* ABOUT THIS EXERCISE: Copy, with no pictures, the line that contains "Q: Is the spacing between letters" and each line after it down to the end of the entries below, exactly.

(DATASET CONTENT begins)

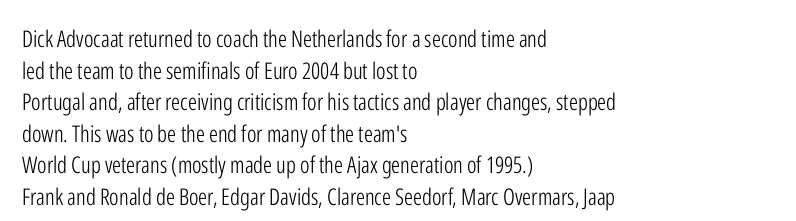
The strokes are not fattened; the text isn't bold. Beneath every word, the page is bare. Every row of glyphs begins at an identical x-position on the left. In terms of posture, this sample is upright.
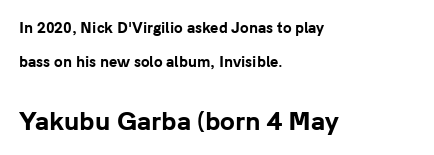
The image shows 24 px bold type, upright; set left-aligned, loose line spacing (2.42x), normal letter spacing, not underlined; the second (bottom) block is 1.71x larger.
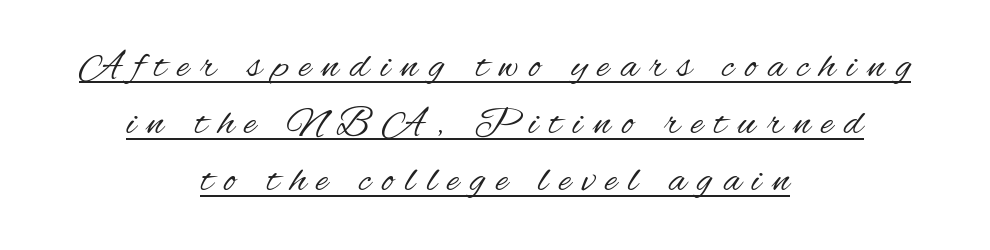
The image shows 41 px regular-weight, condensed sans-serif type; set centered, normal line spacing (1.39x), unusually wide letter spacing (+0.28 em), underlined; medium stroke contrast and a small x-height.
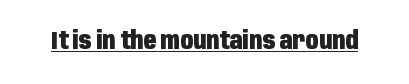
{"italic": "no", "bold": "yes", "underline": "yes", "letter_spacing": "normal", "letter_spacing_em": 0.0, "glyph_px": 24}
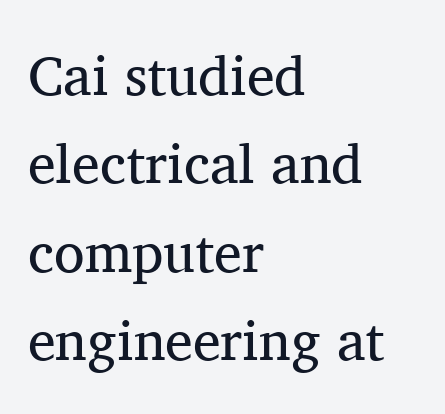
Q: Is the text bold? A: No.
Q: Is the text italic (slanted)? A: No, it is upright.
Q: Is the typeface a serif or a sans-serif typeface? A: Serif.
Q: Is the text underlined? A: No.
Q: How is the paragraph aligned? A: Left-aligned.
Q: Is the spacing between letters normal or unusually wide? A: Normal.
Q: Is the spacing between lines tight, normal or loose? A: Normal.
Q: Width (condensed, normal, or wide)? A: Normal.
Q: Stroke contrast? A: Medium.
Q: x-height? A: Medium.
Q: Monospaced? A: No.
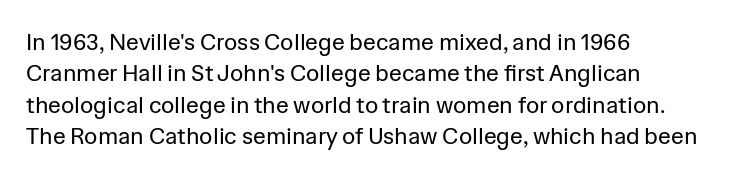
The image shows 23 px text type, upright; set left-aligned, normal line spacing (1.36x), normal letter spacing, not underlined.
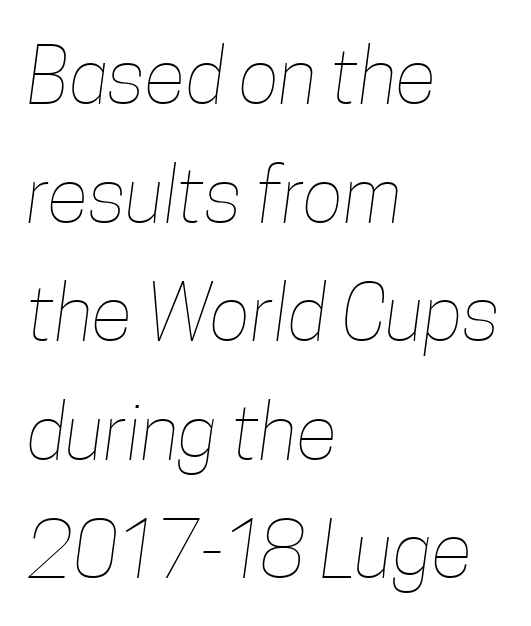
The image shows 77 px thin, condensed type; set left-aligned, normal line spacing (1.54x), normal letter spacing, not underlined; low stroke contrast and a medium x-height.
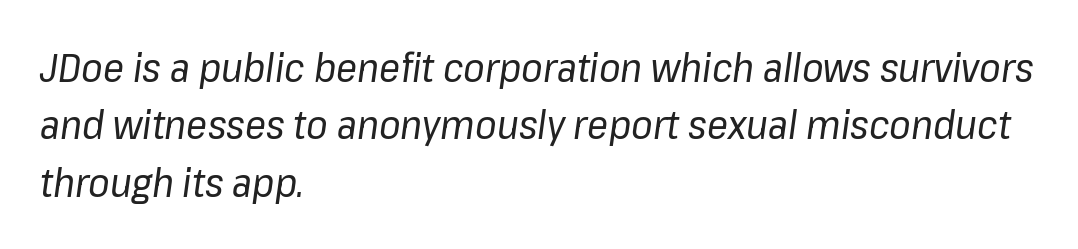
{"italic": "yes", "lean": "right", "slant_degrees": 8, "bold": "no", "weight": "regular", "width": "normal", "stroke_contrast": "low", "x_height": "medium", "monospaced": "no", "underline": "no", "align": "left", "line_spacing": "normal", "line_spacing_ratio": 1.47, "letter_spacing": "normal", "letter_spacing_em": 0.0, "glyph_px": 39}
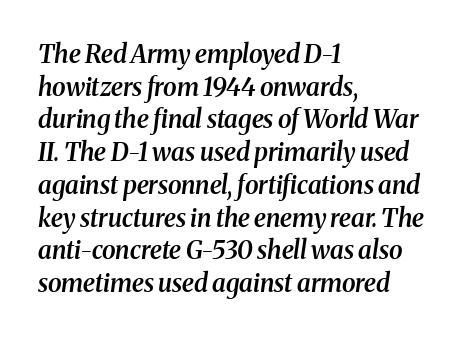
The image shows 25 px text type, italic (leaning right); set left-aligned, normal line spacing (1.31x), normal letter spacing, not underlined.

(DATASET CONTENT ends)

* RESPONSE TO THIS TASK:
Q: Is the spacing between letters normal or unusually wide? A: Normal.
Q: Is the spacing between lines tight, normal or loose? A: Normal.
Q: Width (condensed, normal, or wide)? A: Normal.
Q: Stroke contrast? A: Medium.
Q: x-height? A: Medium.
Q: Monospaced? A: No.
The image shows 23 px text type, upright; set left-aligned, normal line spacing (1.36x), normal letter spacing, not underlined.
The image shows 77 px thin, condensed type; set left-aligned, normal line spacing (1.54x), normal letter spacing, not underlined; low stroke contrast and a medium x-height.
{"italic": "yes", "lean": "right", "slant_degrees": 8, "bold": "no", "weight": "regular", "width": "normal", "stroke_contrast": "low", "x_height": "medium", "monospaced": "no", "underline": "no", "align": "left", "line_spacing": "normal", "line_spacing_ratio": 1.47, "letter_spacing": "normal", "letter_spacing_em": 0.0, "glyph_px": 39}
The image shows 25 px text type, italic (leaning right); set left-aligned, normal line spacing (1.31x), normal letter spacing, not underlined.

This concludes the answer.